Max whistled tonelessly. “So maybe Perske was right.” It didn’t say “Doomsday Virus” explicitly, but that’s essentially what he guessed a cross-platform virus would be.
He carried the paper out of the building and read the title over again. He looked back into the darkened doorway and contemplated going back to search for the rest of the document, but there was too much trash and it was unlikely that Max could do a better job at finding it than the local-search robot had. He folded the stiff paper and slid it into his pocket.

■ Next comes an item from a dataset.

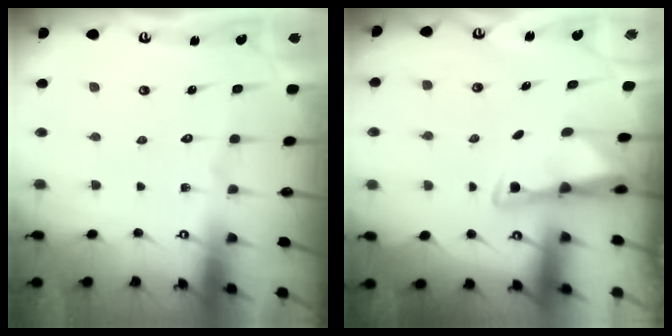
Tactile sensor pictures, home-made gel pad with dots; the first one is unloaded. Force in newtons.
{"total": 3.4, "press": 3.4, "slide": 0.4}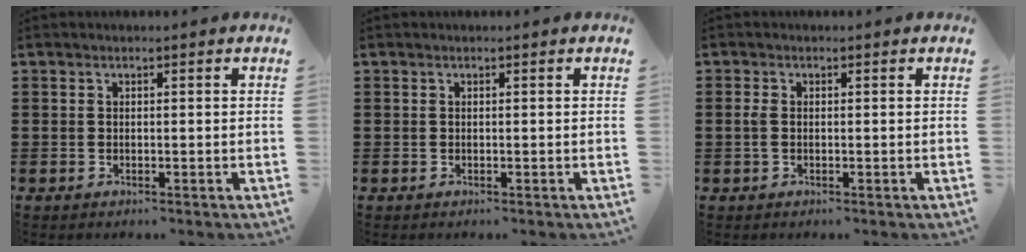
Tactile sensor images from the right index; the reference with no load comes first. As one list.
[{"total": 0.0}, {"total": 1.5, "force": [-0.2, 0.8, 1.3], "torque": [-0.035, -0.001, -0.007]}]

“Come on, Linus,” he called and walked down the steps to the waiting cab. There was a ruckus in the hall behind him. After a moment Linus shot through the door, tumbled over the steps, and rolled against the side of the cab with a thump. As Max helped the penguin up he heard what sounded like a brief clanking emanating from deep inside the Army of Darkness headquarters. He looked at the building’s open doorway and saw only papers rustling in a slight breeze, nothing more. It was probably just the robot returning to its home behind the pet door. He shook his head, pulled open the cab door, and ushered Linus inside.
As they settled into the back seat, the cabby asked, “Where to now?”
Max chewed his lip in thought. He recalled the final note on the AOD message board. ‘Try ‘Funny Pages.’”
‘There are more than ten-thousand sites that come up in a search on ‘Funny’ and ‘Pages,” said the cabby.
‘Try a search on the exact phrase.”
“Still more than ten-thousand ‘Funny Pages’ sites, mostly with links to comics.”
He tried to picture the kinds of people who would have been members of the AOD - the hackers Perske had described - and what sorts of things they did to pass the time online.
“How about,” said Max, “‘Funny Pages’, exact phrase, and ‘chat’?”
Max slouched in his seat. He recalled that a few of the grad students were obsessed with online roll-playing communities.
“Try ‘Funny Pages’, exact phrase,” said Max after a few moments, “and ‘Multi User Game’, exact phrase.”
“Four sites. Three are dead, but one’s still up.”
“Take me there,” said Max, and the cab sped off.